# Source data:
※ ※ ※
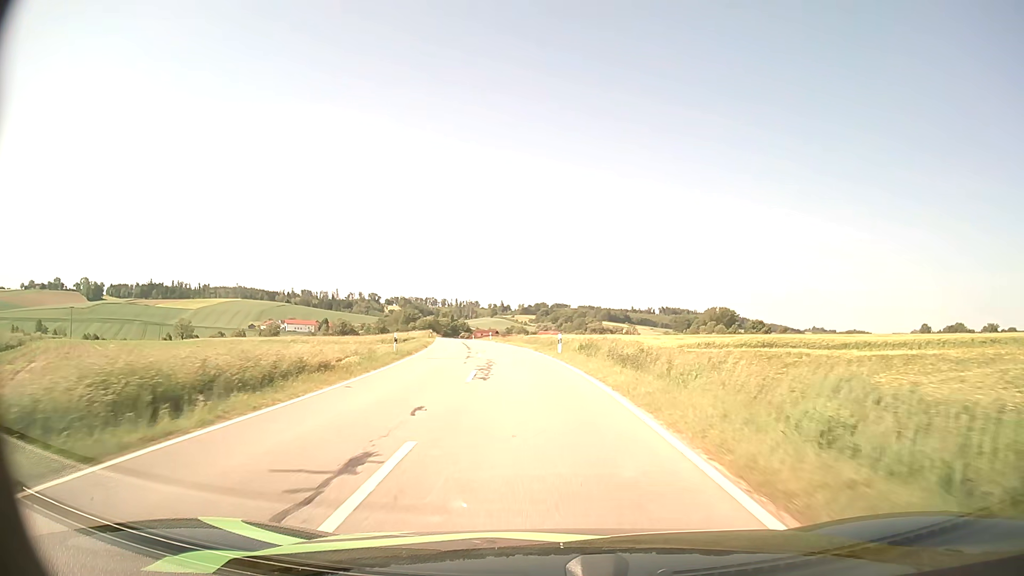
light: Day
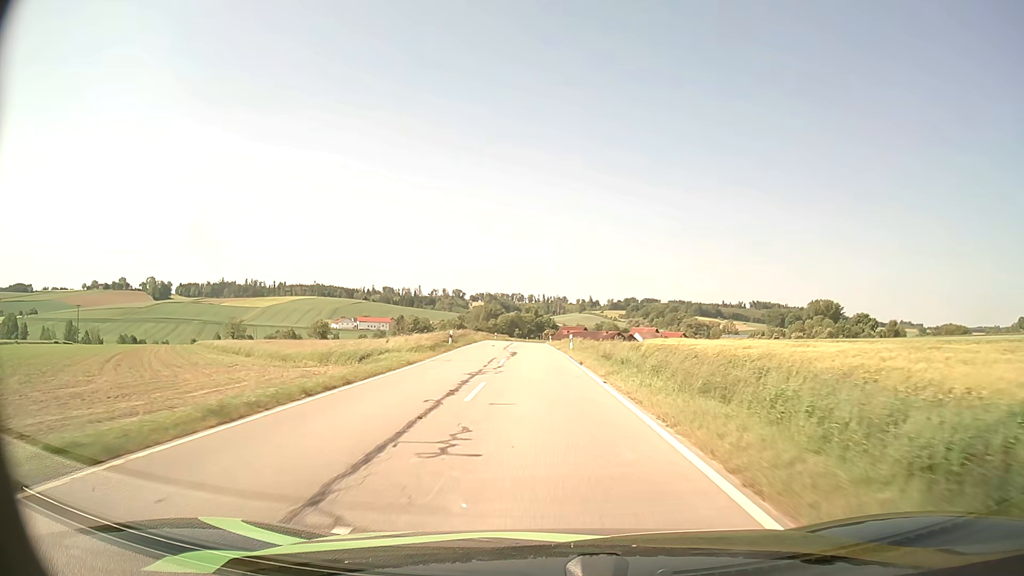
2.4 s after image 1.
(-2.8, +40.0) m; -8°
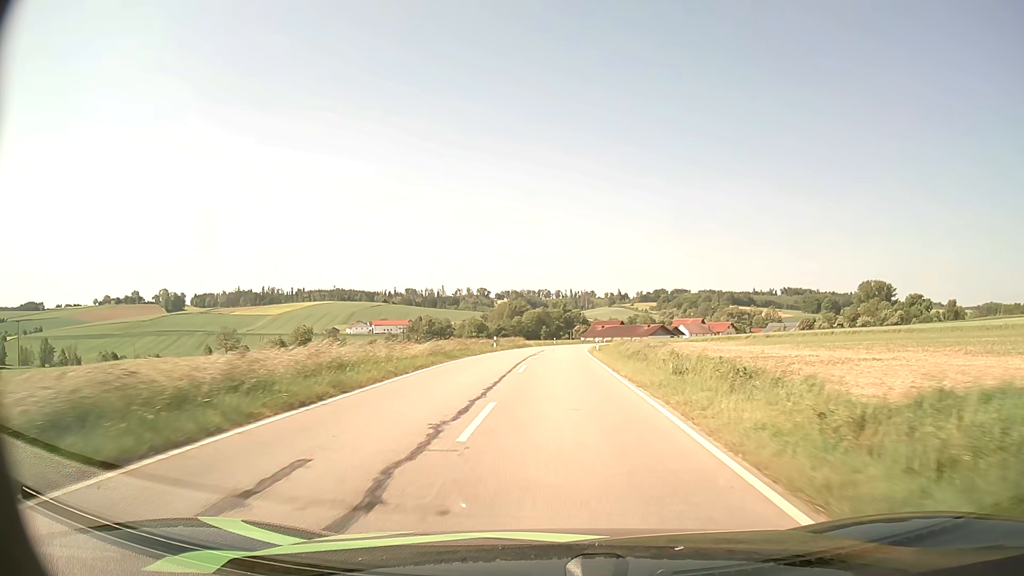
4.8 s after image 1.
(-1.0, +41.0) m; -2°
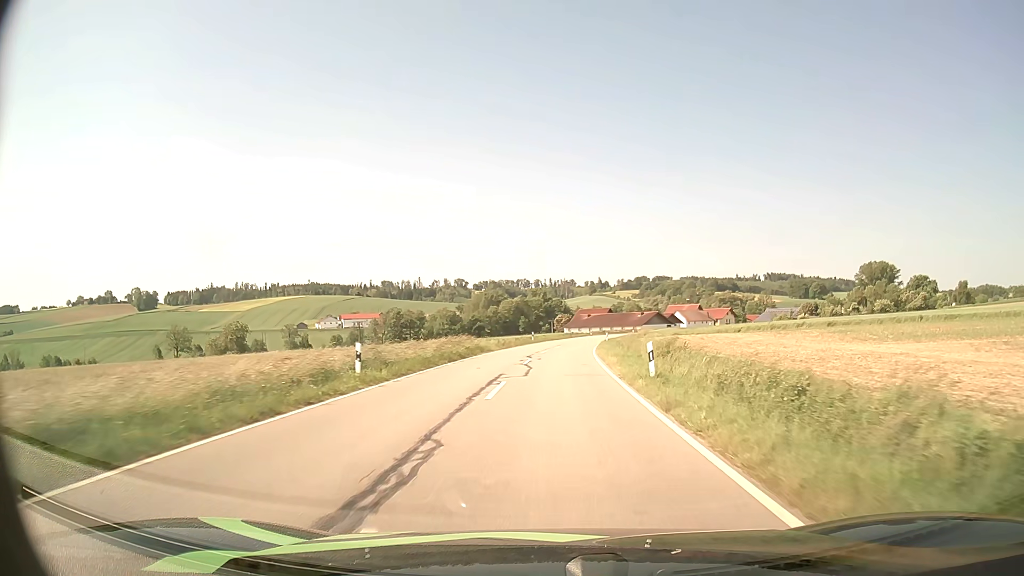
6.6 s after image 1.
(+0.3, +31.3) m; +1°
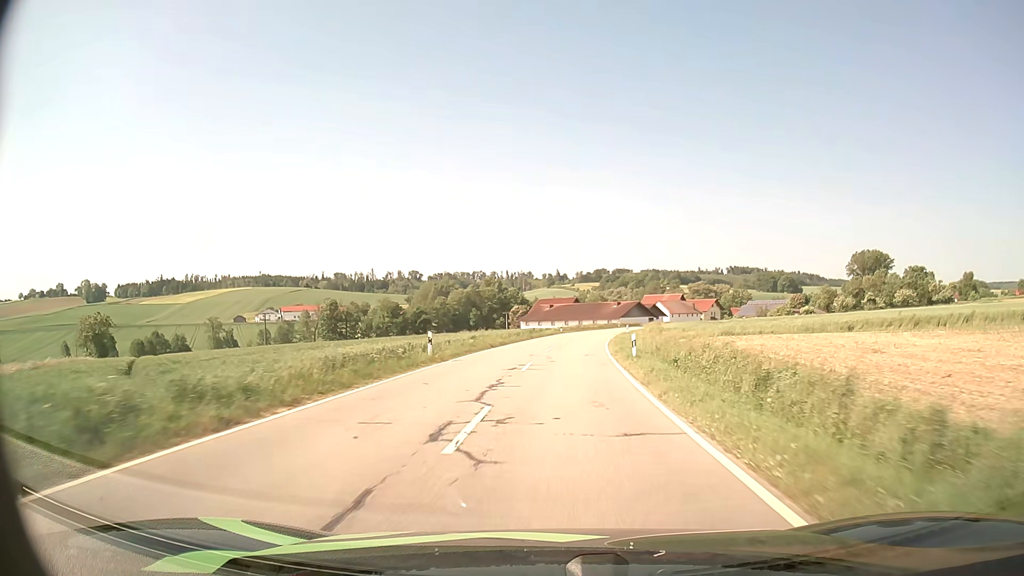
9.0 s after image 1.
(+1.0, +41.6) m; +4°
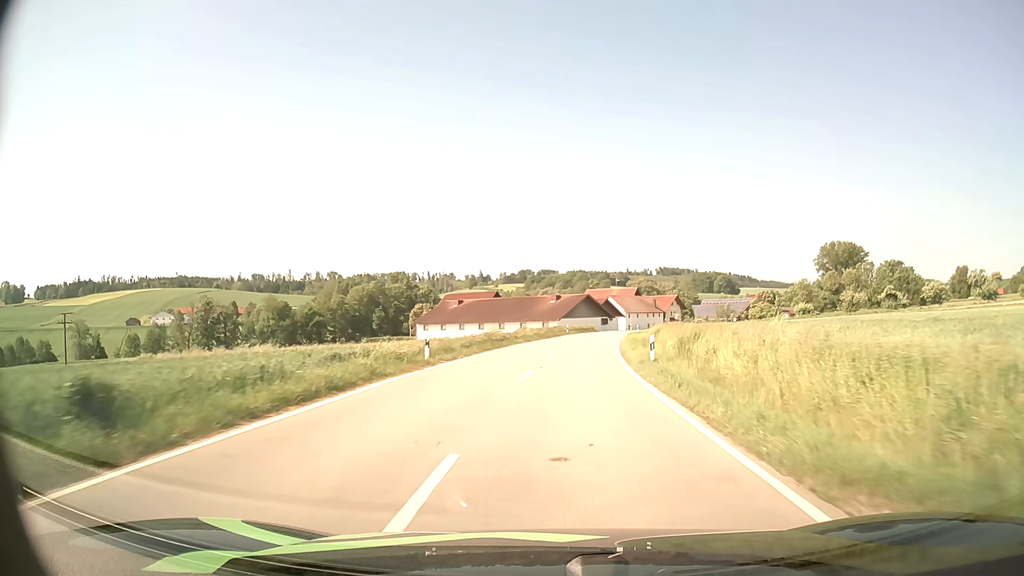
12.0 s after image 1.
(+2.7, +52.3) m; +6°
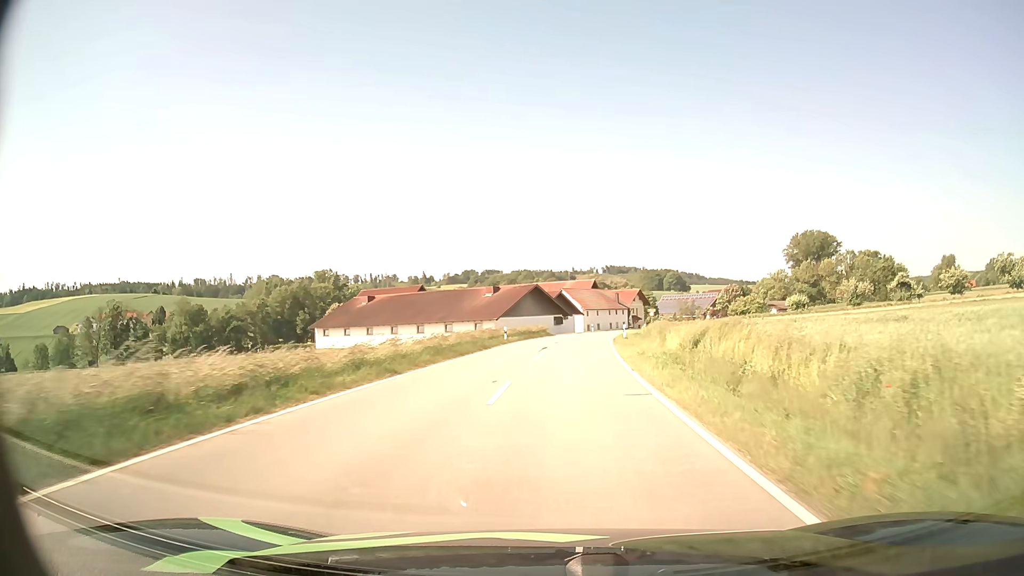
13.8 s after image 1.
(+1.1, +28.2) m; +5°
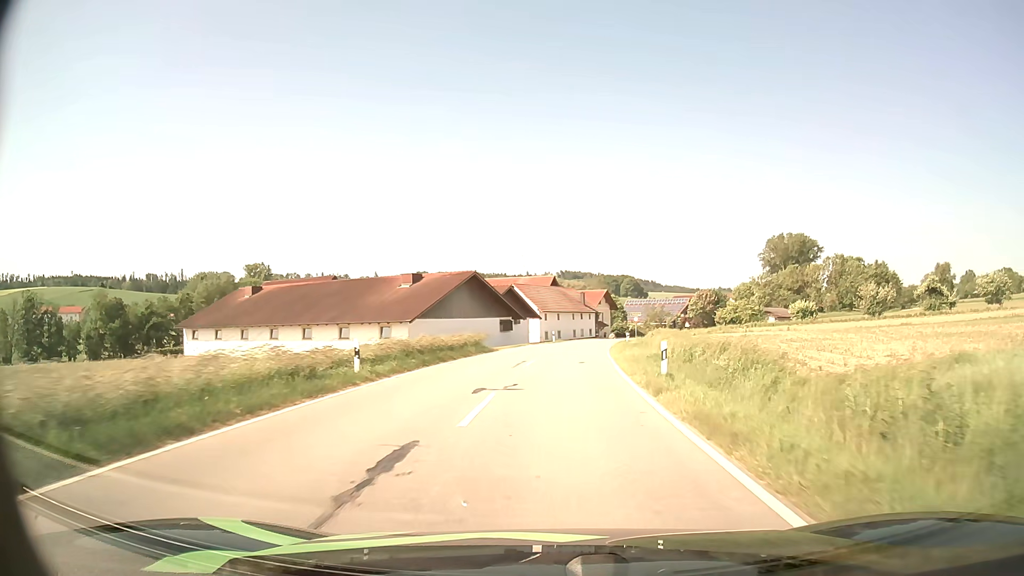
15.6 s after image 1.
(+0.7, +25.4) m; +4°
(0, +10) (0, +20) (+1, +30) (+2, +40) (+3, +50) (+4, +60) (+6, +70) (+8, +79) (+10, +89) (+12, +99) m
※ ※ ※
# Work item:
Return the records above verbatim, leaving out images.

# Response:
light: Day
2.4 s after image 1.
(-2.8, +40.0) m; -8°
4.8 s after image 1.
(-1.0, +41.0) m; -2°
6.6 s after image 1.
(+0.3, +31.3) m; +1°
9.0 s after image 1.
(+1.0, +41.6) m; +4°
12.0 s after image 1.
(+2.7, +52.3) m; +6°
13.8 s after image 1.
(+1.1, +28.2) m; +5°
15.6 s after image 1.
(+0.7, +25.4) m; +4°
(0, +10) (0, +20) (+1, +30) (+2, +40) (+3, +50) (+4, +60) (+6, +70) (+8, +79) (+10, +89) (+12, +99) m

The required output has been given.